I’ll be the first to admit that I’m not the greenest person in the world, (you’ve just got to look at my spreadsheet of upcoming flights) so I’m very much in a glass house here saying this, but I’m really not sure people are aware of the environmental impact of the whole fast fashion returns culture. Klarna is only fuel to that fire.
I’ll admit to being a bit fuzzy around the details of Klarna, but I’m dead set against anything which encourages people to buy more clothing.
Like @RichardL I’m not the greenest person on the planet by a long way, but I find it amazing that people willingly buy bags and bags full of clothes that they don’t need, in this day and age.
I’ll bet that I have clothing that I still wear which is older than some of the people on this forum. So I might be something of an extremist in this regard.
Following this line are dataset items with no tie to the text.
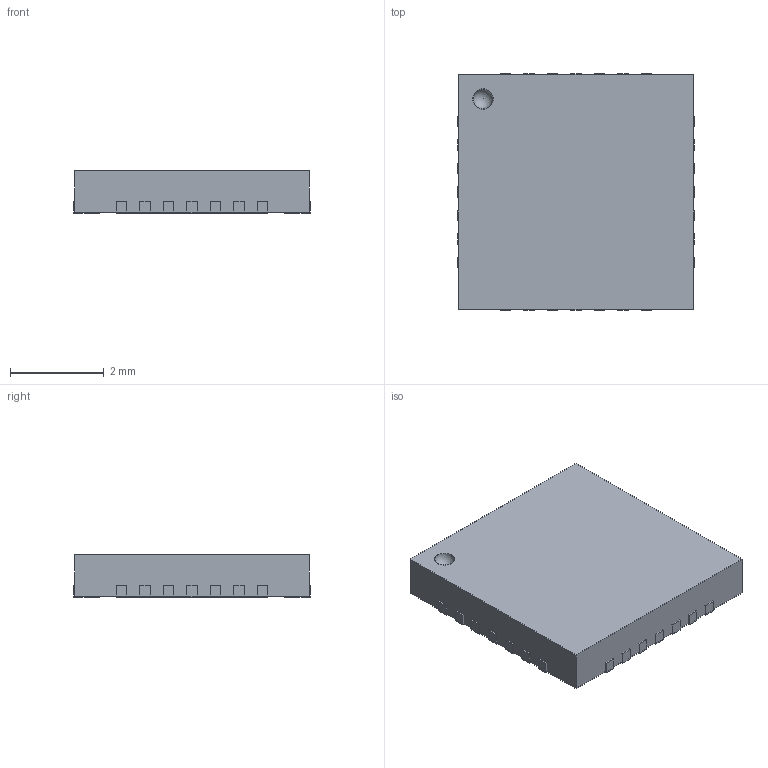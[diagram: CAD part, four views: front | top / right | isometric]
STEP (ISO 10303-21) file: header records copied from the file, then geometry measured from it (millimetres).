
FILE_DESCRIPTION( ( '' ), ' ' );
FILE_NAME( '583f4879258a2c106aa88495.step', '2016-11-30T21:45:29', ( '' ), ( '' ), ' ', ' ', ' ' );
FILE_SCHEMA( ( 'AUTOMOTIVE_DESIGN { 1 0 10303 214 1 1 1 1 }' ) );
Length unit declared in the file: metre
Products named in the file (31): Open CASCADE STEP translator 6.8 62; Open CASCADE STEP translator 6.8 61; Open CASCADE STEP translator 6.8 60; Open CASCADE STEP translator 6.8 59; Open CASCADE STEP translator 6.8 58; Open CASCADE STEP translator 6.8 57; Open CASCADE STEP translator 6.8 56; Open CASCADE STEP translator 6.8 55; Open CASCADE STEP translator 6.8 54; Open CASCADE STEP translator 6.8 53; Open CASCADE STEP translator 6.8 52; Open CASCADE STEP translator 6.8 51; Open CASCADE STEP translator 6.8 50; Open CASCADE STEP translator 6.8 49; Open CASCADE STEP translator 6.8 48; Open CASCADE STEP translator 6.8 47; Open CASCADE STEP translator 6.8 46; Open CASCADE STEP translator 6.8 45; Open CASCADE STEP translator 6.8 44; Open CASCADE STEP translator 6.8 43; Open CASCADE STEP translator 6.8 42; Open CASCADE STEP translator 6.8 41; Open CASCADE STEP translator 6.8 40; Open CASCADE STEP translator 6.8 39; Open CASCADE STEP translator 6.8 38; Open CASCADE STEP translator 6.8 37; Open CASCADE STEP translator 6.8 36; Open CASCADE STEP translator 6.8 35; Open CASCADE STEP translator 6.8 34; Open CASCADE STEP translator 6.8 33; Open CASCADE STEP translator 6.8 32
Bounding box: 5.04 x 5.04 x 0.9 mm (x, y, z)
Surface area: 109.3 mm2
Topology: 31 solids, 31 shells, 184 faces, 369 edges, 246 vertices
Faces by surface type: plane 181, sphere 3
Entity records: 8249 total; most frequent: CARTESIAN_POINT 824, DIRECTION 796, ORIENTED_EDGE 726, STYLED_ITEM 547, PRESENTATION_STYLE_ASSIGNMENT 547, COLOUR_RGB 547, EDGE_CURVE 363, CURVE_STYLE 363
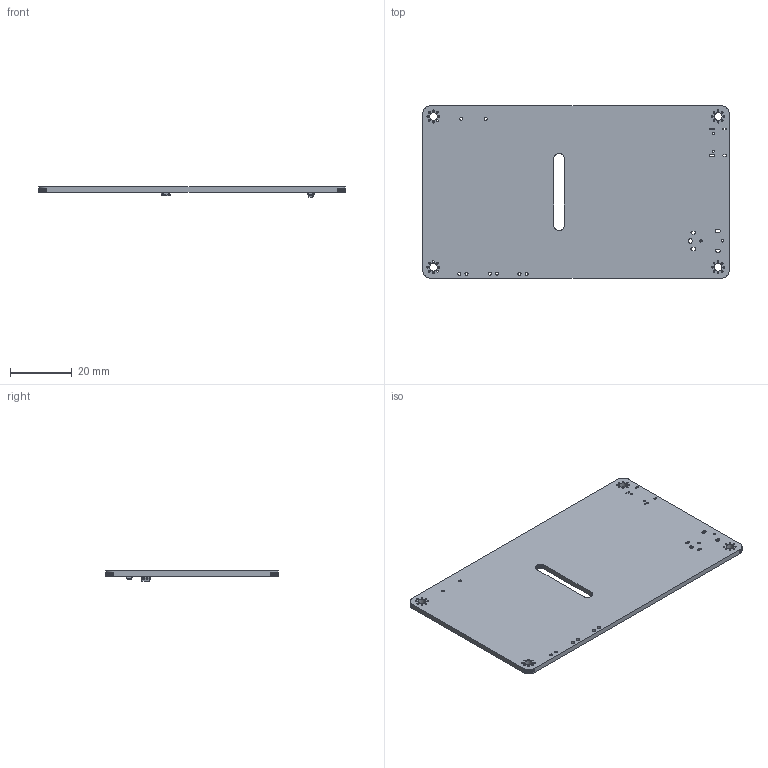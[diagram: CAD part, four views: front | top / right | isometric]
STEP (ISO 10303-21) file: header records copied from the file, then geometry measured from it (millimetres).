
FILE_DESCRIPTION(('KiCad electronic assembly'),'2;1');
FILE_NAME('pcb.step','2023-05-03T22:42:32',('Pcbnew'),('Kicad'), 'Open CASCADE STEP processor 7.5','KiCad to STEP converter','Unknown' );
FILE_SCHEMA(('AUTOMOTIVE_DESIGN { 1 0 10303 214 1 1 1 1 }'));
Length unit declared in the file: millimetre
Products named in the file (6): pcb 1; SOT-23-6; SOLID; SOT-23; mp3_test_board PCB
Assembly tree (5 placements, depth 3):
  pcb 1
    SOT-23-6
      SOLID
    SOT-23
      SOLID
    mp3_test_board PCB
Bounding box: 99.49 x 56 x 3.25 mm (x, y, z)
Volume: 8983.5 mm3; surface area: 11768.4 mm2
Topology: 3 solids, 3 shells, 546 faces, 1530 edges, 990 vertices
Faces by surface type: plane 405, cylinder 84, bspline 57
Full cylindrical faces by diameter (mm): 0.5 x32, 0.65 x2, 0.762 x2, 1 x8, 2.5 x4
Entity records: 39174 total; most frequent: CARTESIAN_POINT 7338, DIRECTION 5442, LINE 4080, VECTOR 4080, ORIENTED_EDGE 3060, PCURVE 3060, DEFINITIONAL_REPRESENTATION 3060, EDGE_CURVE 1530

Where do people stand on the whole ‘these consumers aren’t victims’ comments I often read. I appreciate that everyone has a responsibility to be financially independent and sensible but I also think its important for governments, and more generally society, to recognise the pressures we are placing on vulnerable people. Young people are immersed in social media content (and I don’t think they have much choice about it, it’s rammed down their throats from such an impressionable age), they then are encouraged by influencers and other ‘celebs’ to consume goods at a completely unsustainable rate, all so the influencers can get their ‘p’s’… and then we allow companies like Klarna to fuel that dangerous behaviour.
The company is only doing what it is legally entitled to do, and I am sure it is making its shareholders very happy. This is something that should be regulated, restricted from the very top.
Watch this ‘buy now, pay later’ get very big as every retailer experiencing lower sales looks to this as the golden ticket solution to drive the next wave of sales growth.
Calling for a ban for something that’s convenient to a lot of people just because some people can’t manage their finances is, imo, stupid.
Klarna give you a lot of time to pay - they have push notifications & send letters in the post, as well as emails to remind you. It’s 0% so they’re not taking advantage of people. They also have the split payments, where you can pay x amount over 3 months if it’s a bigger purchase. I personally don’t see anything wrong with it.